I have this question that I am stuck at.
Let $(G; * ; I)$ be a group and let 'a' in $G$. Let $f : G \rightarrow G$ be the function defined by $f(x) = x * a$ for all $x$ in $G$. Prove that $f$ is bijective.
This is what I got from my instructor, but I forgot how he came up with this. I mean I cannot trace back which def. and lemma he used, aside from associativity.

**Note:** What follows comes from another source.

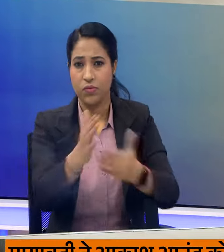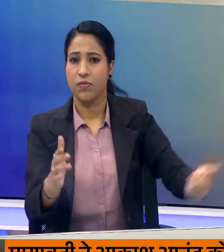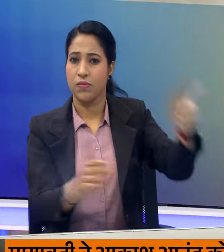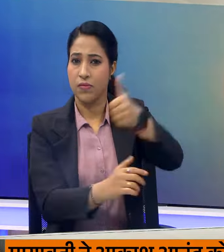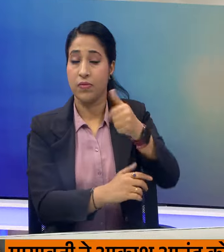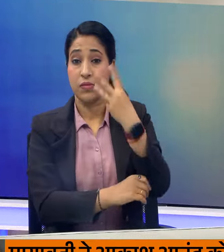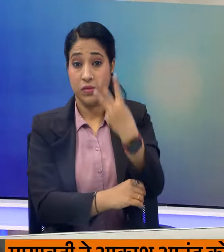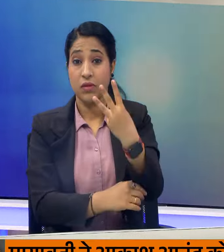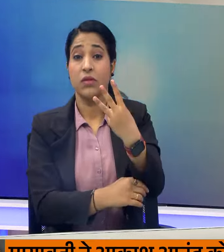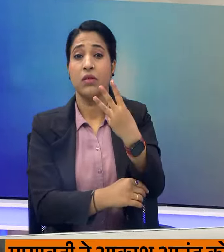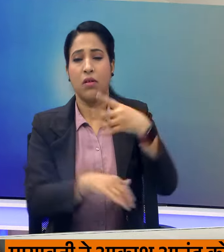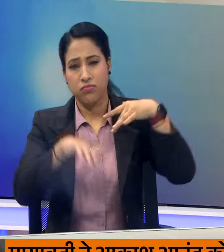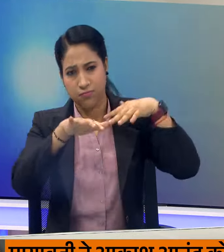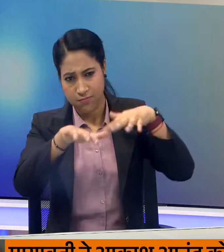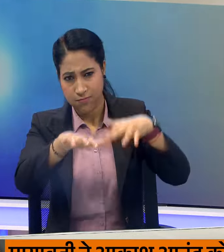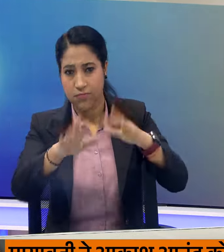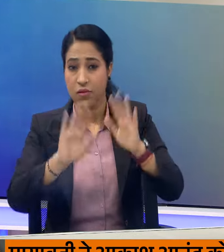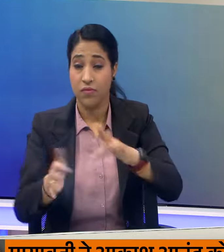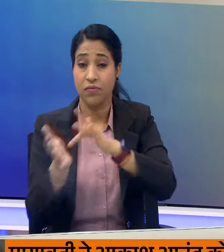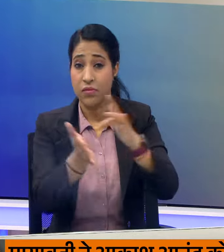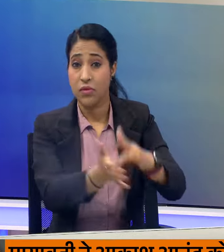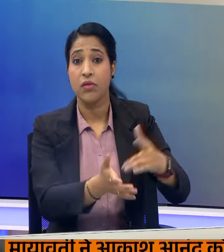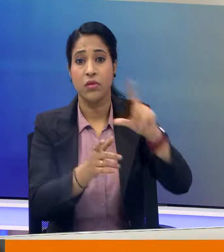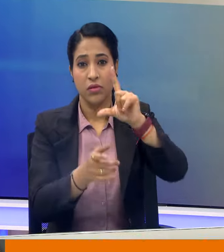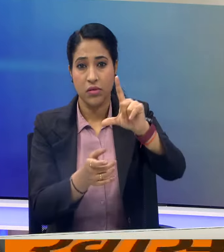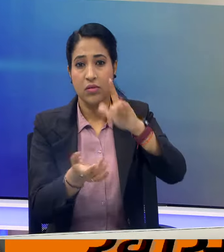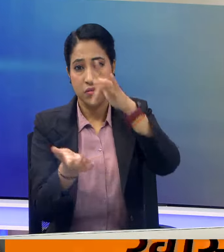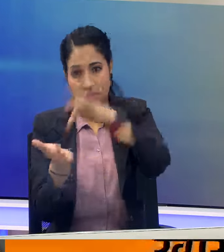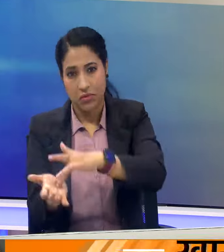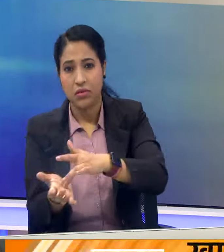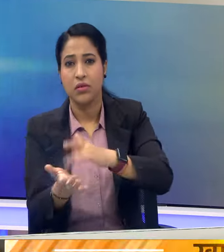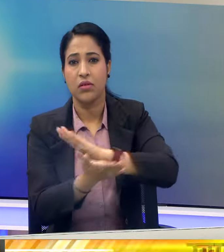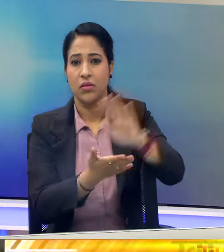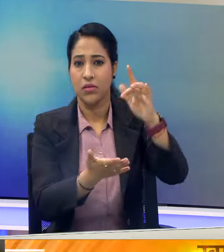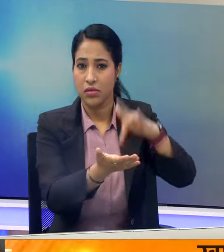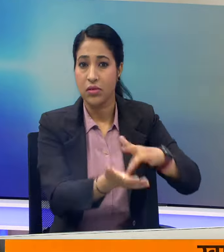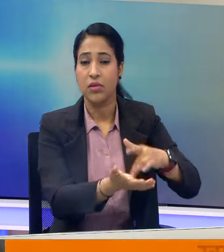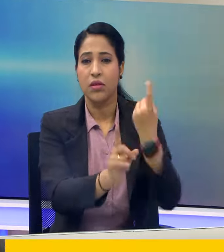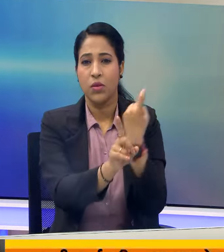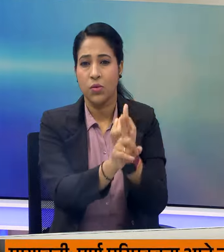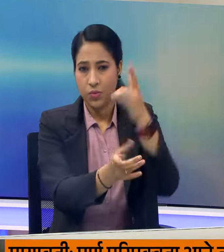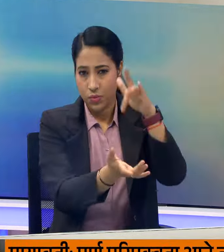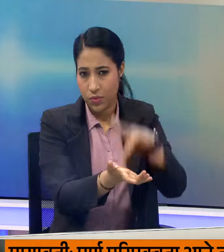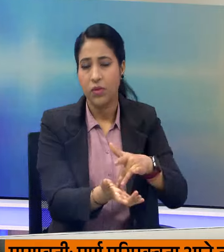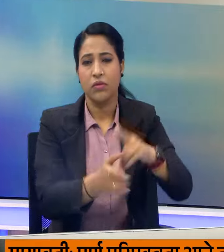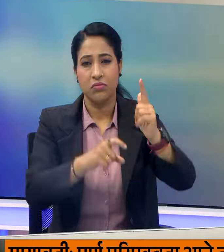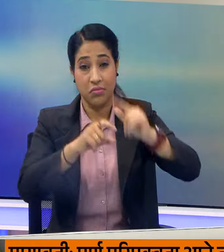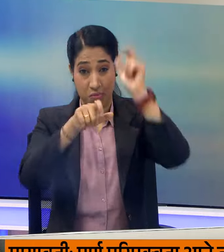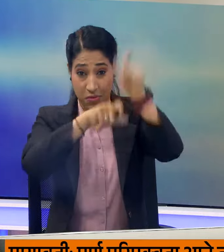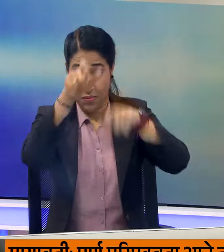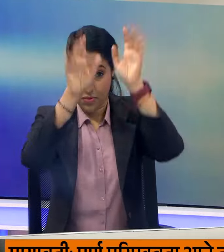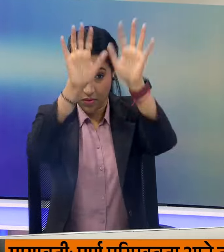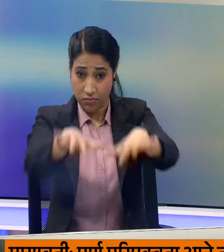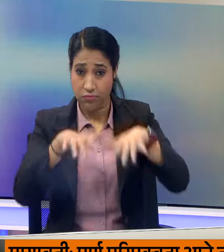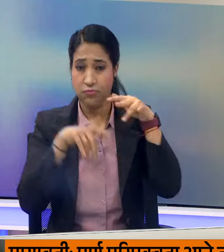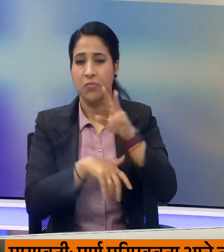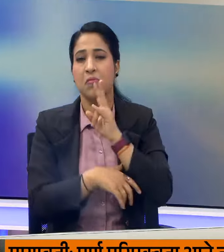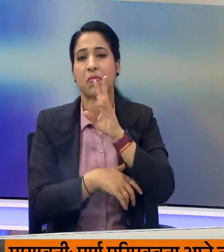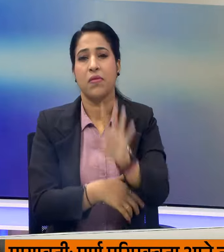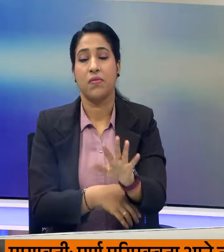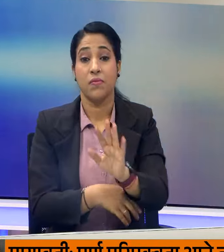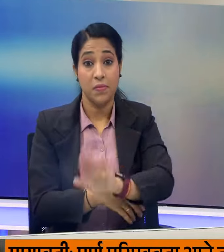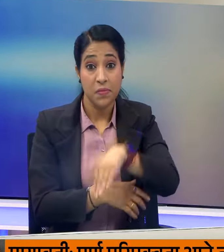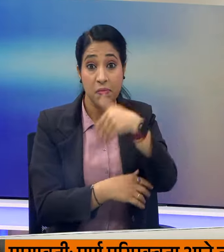तीन चुनावी रैली करेंगे इस दोरान वो लखीन पूर खीरी हर दोई और कन्नौज में चुनावी जनसभा को संबोदित करेंगे

$g(f(x)) = f(x) * a^-1 = x * a * a^-1 = x * I = x$
Also if it is not too much trouble... Would this work if the function is slightly different, $f(x) = a * x$
$f(g(x)) = a * g(x) = a * a^-1 * x = I * x = x$
If all of the above is completely wrong, then what is the correct version using inverse? and maybe also how to prove it using injectivity and surjectivity?
Thanks
You never defined what $g$ is, although it is fairly obvious what it is. If $g(x)=xa^{-1}$ then $f(g(x))=g(f(x))=x$ for all $x\in G$. If a function has both a left and right inverse (or just an inverse) then it is bijective.
For a direct proof without defining an inverse,
Injectivity
If $f(x)=f(y)$ then $xa=ya$. Multiplying both sides on the right by $a^{-1}$ will give you $x=y$.
Surjectivity
Let $g\in G$ and let $x=ga^{-1}$. Then verify $f(x)=g$
For the similar function $h(x)=ax$ you can easily modify the above.